Document Type

Article

Publication Date

3-2017

Publication Title

Scientific Reports

Volume

7

Issue

1

Pages

57 (13 pages)

DOI

10.1038/s41598-017-00092-0

Abstract

The detailed molecular mechanisms underlying the permeabilization of cell membranes by pulsed electric fields (electroporation) remain obscure despite decades of investigative effort. To advance beyond descriptive schematics to the development of robust, predictive models, empirical parameters in existing models must be replaced with physics- and biology-based terms anchored in experimental observations.
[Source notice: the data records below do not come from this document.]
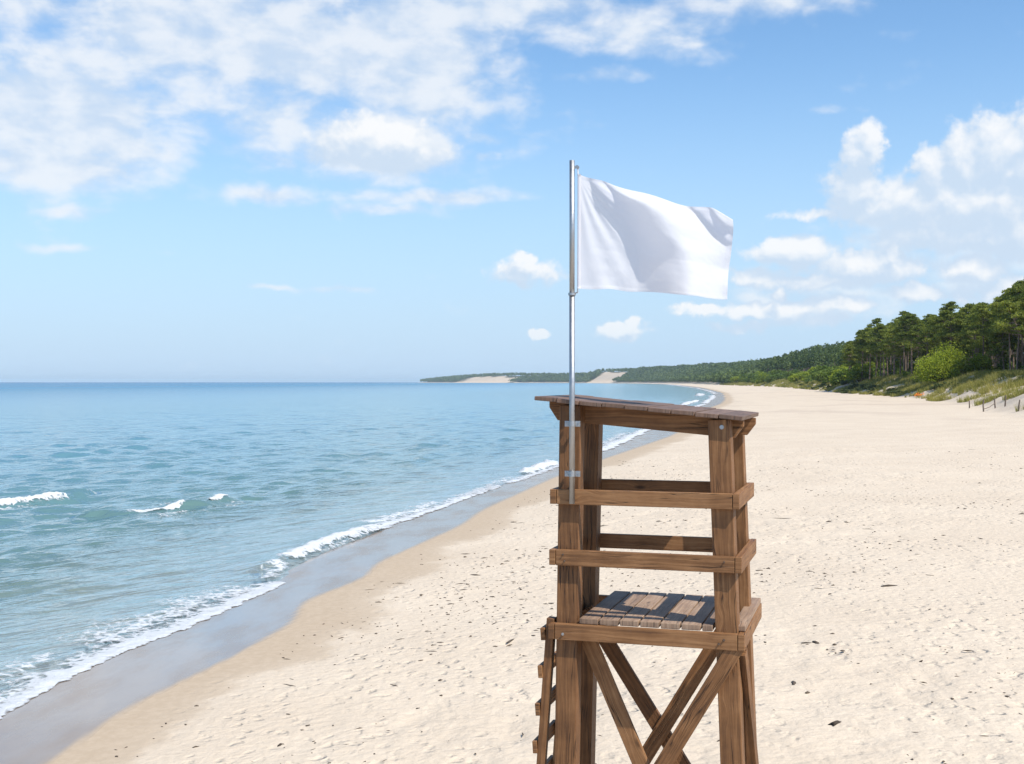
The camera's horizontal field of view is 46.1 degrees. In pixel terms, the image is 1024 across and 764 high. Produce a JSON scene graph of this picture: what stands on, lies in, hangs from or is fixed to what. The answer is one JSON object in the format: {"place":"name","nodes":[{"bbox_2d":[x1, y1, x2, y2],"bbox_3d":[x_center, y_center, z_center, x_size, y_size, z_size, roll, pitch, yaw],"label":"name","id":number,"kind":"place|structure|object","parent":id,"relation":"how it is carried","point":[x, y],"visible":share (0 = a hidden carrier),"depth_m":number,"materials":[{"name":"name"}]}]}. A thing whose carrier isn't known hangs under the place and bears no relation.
{"place":"outdoors","nodes":[
{"label":"outdoors","id":0,"kind":"place"},
{"bbox_2d":[0,382,713,698],"bbox_3d":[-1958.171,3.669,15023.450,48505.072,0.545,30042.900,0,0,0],"label":"sea water","id":1,"kind":"structure","parent":0,"point":[105,457],"depth_m":53.95,"materials":[{"name":"blue liquid"}]},
{"bbox_2d":[0,492,67,509],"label":"breaking wave","id":2,"kind":"object","parent":1,"relation":"on","point":[15,500],"visible":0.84,"depth_m":36.45,"materials":[{"name":"liquid"}]},
{"bbox_2d":[130,499,186,515],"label":"breaking wave","id":3,"kind":"object","parent":1,"relation":"on","point":[173,505],"visible":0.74,"depth_m":34.64,"materials":[{"name":"liquid"}]},
{"bbox_2d":[210,493,243,505],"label":"breaking wave","id":4,"kind":"object","parent":1,"relation":"on","point":[217,496],"visible":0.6,"depth_m":36.85,"materials":[{"name":"liquid"}]},
{"bbox_2d":[0,383,717,718],"bbox_3d":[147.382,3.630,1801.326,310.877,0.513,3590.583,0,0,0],"label":"sea foam","id":5,"kind":"object","parent":1,"relation":"on","point":[36,685],"visible":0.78,"depth_m":19.19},
{"bbox_2d":[0,358,1023,763],"bbox_3d":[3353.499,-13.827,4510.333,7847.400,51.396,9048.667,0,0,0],"label":"sand beach","id":6,"kind":"structure","parent":0,"point":[126,706],"depth_m":17.22,"materials":[{"name":"beige sand"}]},
{"bbox_2d":[114,449,1023,763],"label":"beach debris","id":7,"kind":"object","parent":6,"relation":"on","point":[834,723],"visible":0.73,"depth_m":18.37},
{"bbox_2d":[532,395,761,763],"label":"lifeguard chair","id":8,"kind":"object","parent":6,"relation":"on","point":[579,629],"visible":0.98,"depth_m":7.60,"materials":[{"name":"wood"}]},
{"bbox_2d":[565,160,579,503],"bbox_3d":[0.379,-0.312,7.544,0.100,2.149,0.070,0,0,17],"label":"flagpole","id":9,"kind":"object","parent":8,"relation":"attached to","point":[572,424],"visible":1,"depth_m":7.52,"materials":[{"name":"metal"}]},
{"bbox_2d":[577,169,732,299],"bbox_3d":[0.895,-0.924,7.457,0.975,0.824,0.255,0,0,0],"label":"flag","id":10,"kind":"object","parent":9,"relation":"attached to","point":[631,241],"visible":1,"depth_m":7.53,"materials":[{"name":"white fabric"}]},
{"bbox_2d":[419,340,1023,381],"bbox_3d":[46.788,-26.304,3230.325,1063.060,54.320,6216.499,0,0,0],"label":"pine forest","id":11,"kind":"object","parent":6,"relation":"on","point":[827,354],"visible":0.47,"depth_m":1943.87,"materials":[{"name":"green plant"}]},
{"bbox_2d":[730,375,740,381],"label":"shrub","id":12,"kind":"object","parent":6,"relation":"on","point":[733,379],"visible":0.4,"depth_m":1065.55,"materials":[{"name":"green plant"}]},
{"bbox_2d":[738,373,748,381],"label":"shrub","id":13,"kind":"object","parent":6,"relation":"on","point":[740,379],"visible":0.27,"depth_m":1002.58,"materials":[{"name":"green plant"}]},
{"bbox_2d":[745,374,754,382],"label":"shrub","id":14,"kind":"object","parent":6,"relation":"on","point":[749,377],"visible":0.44,"depth_m":928.36,"materials":[{"name":"green plant"}]},
{"bbox_2d":[755,372,767,383],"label":"shrub","id":15,"kind":"object","parent":6,"relation":"on","point":[761,378],"visible":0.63,"depth_m":832.89,"materials":[{"name":"green plant"}]},
{"bbox_2d":[767,374,785,381],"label":"shrub","id":16,"kind":"object","parent":6,"relation":"on","point":[775,377],"visible":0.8,"depth_m":773.47,"materials":[{"name":"green plant"}]},
{"bbox_2d":[785,369,799,379],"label":"shrub","id":17,"kind":"object","parent":6,"relation":"on","point":[789,372],"visible":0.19,"depth_m":738.88,"materials":[{"name":"green plant"}]},
{"bbox_2d":[787,371,802,382],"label":"shrub","id":18,"kind":"object","parent":6,"relation":"on","point":[793,377],"visible":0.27,"depth_m":628.88,"materials":[{"name":"green plant"}]},
{"bbox_2d":[797,371,807,381],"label":"shrub","id":19,"kind":"object","parent":6,"relation":"on","point":[801,376],"visible":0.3,"depth_m":590.88,"materials":[{"name":"green plant"}]},
{"bbox_2d":[804,367,816,376],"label":"shrub","id":20,"kind":"object","parent":6,"relation":"on","point":[810,371],"visible":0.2,"depth_m":536.40,"materials":[{"name":"green plant"}]},
{"bbox_2d":[804,368,817,383],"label":"shrub","id":21,"kind":"object","parent":6,"relation":"on","point":[807,379],"visible":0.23,"depth_m":529.75,"materials":[{"name":"green plant"}]},
{"bbox_2d":[814,370,824,381],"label":"shrub","id":22,"kind":"object","parent":6,"relation":"on","point":[817,375],"visible":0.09,"depth_m":469.10,"materials":[{"name":"green plant"}]},
{"bbox_2d":[811,365,828,380],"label":"shrub","id":23,"kind":"object","parent":6,"relation":"on","point":[820,368],"visible":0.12,"depth_m":496.42,"materials":[{"name":"green plant"}]},
{"bbox_2d":[820,366,836,382],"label":"shrub","id":24,"kind":"object","parent":6,"relation":"on","point":[825,374],"visible":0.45,"depth_m":434.70,"materials":[{"name":"green plant"}]},
{"bbox_2d":[828,366,847,379],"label":"shrub","id":25,"kind":"object","parent":6,"relation":"on","point":[834,371],"visible":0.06,"depth_m":393.61,"materials":[{"name":"green plant"}]},
{"bbox_2d":[829,367,852,385],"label":"shrub","id":26,"kind":"object","parent":6,"relation":"on","point":[834,380],"visible":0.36,"depth_m":381.89,"materials":[{"name":"green plant"}]},
{"bbox_2d":[838,367,850,380],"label":"shrub","id":27,"kind":"object","parent":6,"relation":"on","point":[843,378],"visible":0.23,"depth_m":379.89,"materials":[{"name":"green plant"}]},
{"bbox_2d":[840,380,849,384],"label":"bush","id":28,"kind":"object","parent":6,"relation":"on","point":[842,382],"visible":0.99,"depth_m":350.24,"materials":[{"name":"green plant"}]},
{"bbox_2d":[839,341,854,369],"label":"pine tree","id":29,"kind":"object","parent":6,"relation":"on","point":[843,347],"visible":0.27,"depth_m":364.60,"materials":[{"name":"green plant"}]},
{"bbox_2d":[840,345,858,368],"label":"pine tree","id":30,"kind":"object","parent":6,"relation":"on","point":[848,361],"visible":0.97,"depth_m":349.11,"materials":[{"name":"green plant"}]},
{"bbox_2d":[842,341,858,369],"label":"pine tree","id":31,"kind":"object","parent":6,"relation":"on","point":[850,344],"visible":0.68,"depth_m":351.69,"materials":[{"name":"green plant"}]},
{"bbox_2d":[846,363,871,381],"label":"shrub","id":32,"kind":"object","parent":6,"relation":"on","point":[853,373],"visible":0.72,"depth_m":341.86,"materials":[{"name":"green plant"}]},
{"bbox_2d":[852,329,866,381],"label":"pine tree","id":33,"kind":"object","parent":6,"relation":"on","point":[856,342],"visible":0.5,"depth_m":340.70,"materials":[{"name":"green plant"}]},
{"bbox_2d":[855,347,871,361],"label":"pine tree","id":34,"kind":"object","parent":6,"relation":"on","point":[860,359],"visible":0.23,"depth_m":356.70,"materials":[{"name":"green plant"}]},
{"bbox_2d":[853,361,875,379],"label":"shrub","id":35,"kind":"object","parent":6,"relation":"on","point":[865,367],"visible":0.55,"depth_m":341.41,"materials":[{"name":"green plant"}]},
{"bbox_2d":[855,327,877,378],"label":"pine tree","id":36,"kind":"object","parent":6,"relation":"on","point":[864,334],"visible":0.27,"depth_m":334.54,"materials":[{"name":"green plant"}]},
{"bbox_2d":[854,347,882,359],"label":"pine tree","id":37,"kind":"object","parent":6,"relation":"on","point":[866,353],"visible":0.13,"depth_m":344.52,"materials":[{"name":"green plant"}]},
{"bbox_2d":[863,384,875,389],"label":"bush","id":38,"kind":"object","parent":6,"relation":"on","point":[867,387],"visible":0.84,"depth_m":280.44,"materials":[{"name":"green plant"}]},
{"bbox_2d":[862,327,879,377],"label":"pine tree","id":39,"kind":"object","parent":6,"relation":"on","point":[867,341],"visible":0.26,"depth_m":325.41,"materials":[{"name":"green plant"}]},
{"bbox_2d":[719,368,1023,411],"bbox_3d":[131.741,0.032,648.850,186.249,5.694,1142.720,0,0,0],"label":"dune grass","id":40,"kind":"structure","parent":6,"relation":"on","point":[986,379],"depth_m":201.50,"materials":[{"name":"green plant"}]},
{"bbox_2d":[866,324,884,375],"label":"pine tree","id":41,"kind":"object","parent":6,"relation":"on","point":[879,327],"visible":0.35,"depth_m":317.13,"materials":[{"name":"green plant"}]},
{"bbox_2d":[863,318,887,367],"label":"pine tree","id":42,"kind":"object","parent":6,"relation":"on","point":[874,321],"visible":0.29,"depth_m":335.34,"materials":[{"name":"green plant"}]},
{"bbox_2d":[869,356,886,366],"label":"pine tree","id":43,"kind":"object","parent":6,"relation":"on","point":[874,360],"visible":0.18,"depth_m":361.28,"materials":[{"name":"green plant"}]},
{"bbox_2d":[871,325,886,375],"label":"pine tree","id":44,"kind":"object","parent":6,"relation":"on","point":[885,327],"visible":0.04,"depth_m":328.36,"materials":[{"name":"green plant"}]},
{"bbox_2d":[867,366,892,376],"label":"shrub","id":45,"kind":"object","parent":6,"relation":"on","point":[872,370],"visible":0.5,"depth_m":336.01,"materials":[{"name":"green plant"}]},
{"bbox_2d":[873,370,886,376],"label":"shrub","id":46,"kind":"object","parent":6,"relation":"on","point":[878,375],"visible":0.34,"depth_m":333.63,"materials":[{"name":"green plant"}]},
{"bbox_2d":[870,329,892,377],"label":"pine tree","id":47,"kind":"object","parent":6,"relation":"on","point":[883,332],"visible":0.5,"depth_m":309.90,"materials":[{"name":"green plant"}]},
{"bbox_2d":[876,327,906,373],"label":"pine tree","id":48,"kind":"object","parent":6,"relation":"on","point":[888,335],"visible":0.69,"depth_m":294.40,"materials":[{"name":"green plant"}]},
{"bbox_2d":[883,325,901,373],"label":"pine tree","id":49,"kind":"object","parent":6,"relation":"on","point":[888,342],"visible":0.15,"depth_m":302.50,"materials":[{"name":"green plant"}]},
{"bbox_2d":[885,360,901,371],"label":"shrub","id":50,"kind":"object","parent":6,"relation":"on","point":[896,364],"visible":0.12,"depth_m":344.32,"materials":[{"name":"green plant"}]},
{"bbox_2d":[891,390,904,395],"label":"bush","id":51,"kind":"object","parent":6,"relation":"on","point":[896,391],"visible":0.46,"depth_m":234.62,"materials":[{"name":"green plant"}]},
{"bbox_2d":[889,311,908,370],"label":"pine tree","id":52,"kind":"object","parent":6,"relation":"on","point":[902,313],"visible":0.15,"depth_m":308.97,"materials":[{"name":"green plant"}]},
{"bbox_2d":[890,315,912,370],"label":"pine tree","id":53,"kind":"object","parent":6,"relation":"on","point":[897,341],"visible":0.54,"depth_m":288.30,"materials":[{"name":"green plant"}]},
{"bbox_2d":[895,362,916,373],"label":"shrub","id":54,"kind":"object","parent":6,"relation":"on","point":[898,368],"visible":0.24,"depth_m":331.26,"materials":[{"name":"green plant"}]},
{"bbox_2d":[907,353,908,371],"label":"pine tree","id":55,"kind":"object","parent":6,"relation":"on","point":[908,363],"depth_m":314.50,"materials":[{"name":"brown plant"}]},
{"bbox_2d":[892,313,924,374],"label":"pine tree","id":56,"kind":"object","parent":6,"relation":"on","point":[914,319],"visible":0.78,"depth_m":279.67,"materials":[{"name":"green plant"}]},
{"bbox_2d":[900,331,928,372],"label":"pine tree","id":57,"kind":"object","parent":6,"relation":"on","point":[907,350],"visible":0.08,"depth_m":290.86,"materials":[{"name":"green plant"}]},
{"bbox_2d":[902,323,933,366],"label":"pine tree","id":58,"kind":"object","parent":6,"relation":"on","point":[914,333],"visible":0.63,"depth_m":272.64,"materials":[{"name":"green plant"}]},
{"bbox_2d":[910,341,932,357],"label":"pine tree","id":59,"kind":"object","parent":6,"relation":"on","point":[916,354],"visible":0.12,"depth_m":283.17,"materials":[{"name":"green plant"}]},
{"bbox_2d":[913,324,938,356],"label":"pine tree","id":60,"kind":"object","parent":6,"relation":"on","point":[920,337],"visible":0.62,"depth_m":266.66,"materials":[{"name":"green plant"}]},
{"bbox_2d":[922,314,932,323],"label":"pine tree","id":61,"kind":"object","parent":6,"relation":"on","point":[925,319],"visible":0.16,"depth_m":298.23,"materials":[{"name":"green plant"}]},
{"bbox_2d":[922,314,941,352],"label":"pine tree","id":62,"kind":"object","parent":6,"relation":"on","point":[928,339],"visible":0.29,"depth_m":262.27,"materials":[{"name":"green plant"}]},
{"bbox_2d":[930,344,940,353],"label":"pine tree","id":63,"kind":"object","parent":6,"relation":"on","point":[934,348],"visible":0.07,"depth_m":268.97,"materials":[{"name":"green plant"}]},
{"bbox_2d":[933,382,946,387],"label":"bush","id":64,"kind":"object","parent":6,"relation":"on","point":[938,385],"visible":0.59,"depth_m":209.88,"materials":[{"name":"green plant"}]},
{"bbox_2d":[928,310,957,351],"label":"pine tree","id":65,"kind":"object","parent":6,"relation":"on","point":[934,321],"visible":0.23,"depth_m":254.25,"materials":[{"name":"green plant"}]},
{"bbox_2d":[910,340,977,381],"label":"shrub","id":66,"kind":"object","parent":6,"relation":"on","point":[937,368],"visible":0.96,"depth_m":224.07,"materials":[{"name":"green plant"}]},
{"bbox_2d":[934,301,965,351],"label":"pine tree","id":67,"kind":"object","parent":6,"relation":"on","point":[949,307],"visible":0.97,"depth_m":243.20,"materials":[{"name":"green plant"}]},
{"bbox_2d":[933,324,970,358],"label":"pine tree","id":68,"kind":"object","parent":6,"relation":"on","point":[942,339],"visible":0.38,"depth_m":248.16,"materials":[{"name":"green plant"}]},
{"bbox_2d":[955,325,973,373],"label":"pine tree","id":69,"kind":"object","parent":6,"relation":"on","point":[968,352],"visible":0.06,"depth_m":252.57,"materials":[{"name":"green plant"}]},
{"bbox_2d":[955,302,975,361],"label":"pine tree","id":70,"kind":"object","parent":6,"relation":"on","point":[968,306],"visible":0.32,"depth_m":259.05,"materials":[{"name":"green plant"}]},
{"bbox_2d":[958,315,972,357],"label":"pine tree","id":71,"kind":"object","parent":6,"relation":"on","point":[964,337],"visible":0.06,"depth_m":248.60,"materials":[{"name":"green plant"}]},
{"bbox_2d":[956,312,992,355],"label":"pine tree","id":72,"kind":"object","parent":6,"relation":"on","point":[978,344],"visible":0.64,"depth_m":230.28,"materials":[{"name":"green plant"}]},
{"bbox_2d":[959,323,992,351],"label":"pine tree","id":73,"kind":"object","parent":6,"relation":"on","point":[961,343],"visible":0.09,"depth_m":236.74,"materials":[{"name":"green plant"}]},
{"bbox_2d":[965,353,994,373],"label":"shrub","id":74,"kind":"object","parent":6,"relation":"on","point":[985,362],"visible":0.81,"depth_m":224.32,"materials":[{"name":"green plant"}]},
{"bbox_2d":[966,303,995,370],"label":"pine tree","id":75,"kind":"object","parent":6,"relation":"on","point":[980,308],"visible":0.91,"depth_m":224.12,"materials":[{"name":"green plant"}]},
{"bbox_2d":[971,302,992,355],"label":"pine tree","id":76,"kind":"object","parent":6,"relation":"on","point":[988,304],"visible":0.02,"depth_m":236.07,"materials":[{"name":"green plant"}]},
{"bbox_2d":[968,349,996,359],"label":"pine tree","id":77,"kind":"object","parent":6,"relation":"on","point":[980,353],"visible":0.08,"depth_m":272.58,"materials":[{"name":"green plant"}]},
{"bbox_2d":[978,327,1016,364],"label":"pine tree","id":78,"kind":"object","parent":6,"relation":"on","point":[989,342],"visible":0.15,"depth_m":228.62,"materials":[{"name":"green plant"}]},
{"bbox_2d":[990,307,1013,368],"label":"pine tree","id":79,"kind":"object","parent":6,"relation":"on","point":[1011,347],"visible":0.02,"depth_m":220.71,"materials":[{"name":"brown plant"}]},
{"bbox_2d":[988,287,1016,368],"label":"pine tree","id":80,"kind":"object","parent":6,"relation":"on","point":[994,305],"visible":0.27,"depth_m":212.78,"materials":[{"name":"green plant"}]},
{"bbox_2d":[985,318,1020,370],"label":"pine tree","id":81,"kind":"object","parent":6,"relation":"on","point":[998,349],"visible":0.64,"depth_m":217.91,"materials":[{"name":"green plant"}]},
{"bbox_2d":[991,300,1023,344],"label":"pine tree","id":82,"kind":"object","parent":6,"relation":"on","point":[1013,311],"visible":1,"depth_m":181.43,"materials":[{"name":"green plant"}]},
{"bbox_2d":[994,357,1021,370],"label":"shrub","id":83,"kind":"object","parent":6,"relation":"on","point":[1000,365],"visible":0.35,"depth_m":223.39,"materials":[{"name":"green plant"}]},
{"bbox_2d":[999,283,1023,368],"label":"pine tree","id":84,"kind":"object","parent":6,"relation":"on","point":[1015,291],"visible":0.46,"depth_m":207.41,"materials":[{"name":"green plant"}]},
{"bbox_2d":[1001,280,1023,368],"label":"pine tree","id":85,"kind":"object","parent":6,"relation":"on","point":[1021,282],"visible":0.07,"depth_m":214.85,"materials":[{"name":"green plant"}]},
{"bbox_2d":[1003,333,1023,361],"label":"pine tree","id":86,"kind":"object","parent":6,"relation":"on","point":[1016,343],"visible":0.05,"depth_m":237.04,"materials":[{"name":"green plant"}]},
{"bbox_2d":[1006,298,1023,324],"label":"pine tree","id":87,"kind":"object","parent":6,"relation":"on","point":[1020,302],"visible":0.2,"depth_m":202.72,"materials":[{"name":"green plant"}]},
{"bbox_2d":[1010,279,1023,325],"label":"pine tree","id":88,"kind":"object","parent":6,"relation":"on","point":[1022,304],"visible":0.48,"depth_m":197.21,"materials":[{"name":"green plant"}]},
{"bbox_2d":[0,0,1023,381],"label":"sky","id":89,"kind":"structure","parent":0,"point":[191,190],"materials":[{"name":"blue"}]}
]}

We report here absolute values for the uptake of YO-PRO-1, a small-molecule fluorescent indicator of membrane integrity, into cells after a single electric pulse lasting only 6 ns. We correlate these measured values, based on fluorescence microphotometry of hundreds of individual cells, with a diffusion-based geometric analysis of pore-mediated transport and with molecular simulations of transport across electropores in a phospholipid bilayer. The results challenge the "drift and diffusion through a pore" model that dominates conventional explanatory schemes for the electroporative transfer of small molecules into cells and point to the necessity for a more complex model.

Comments

This work is open access under a Creative Commons Attribution 4.0 International License.

Original Publication Citation

Sözer, E. B., Levine, Z. A., & Vernier, P. T. (2017). Quantitative limits on small molecule transport via the electropermeome - measuring and modeling single nanosecond perturbations. Scientific Reports, 7(1), 57. doi:10.1038/s41598-017-00092-0

ORCID

0000-0002-6244-3670 (Sözer), 0000-0003-2335-1500 (Vernier)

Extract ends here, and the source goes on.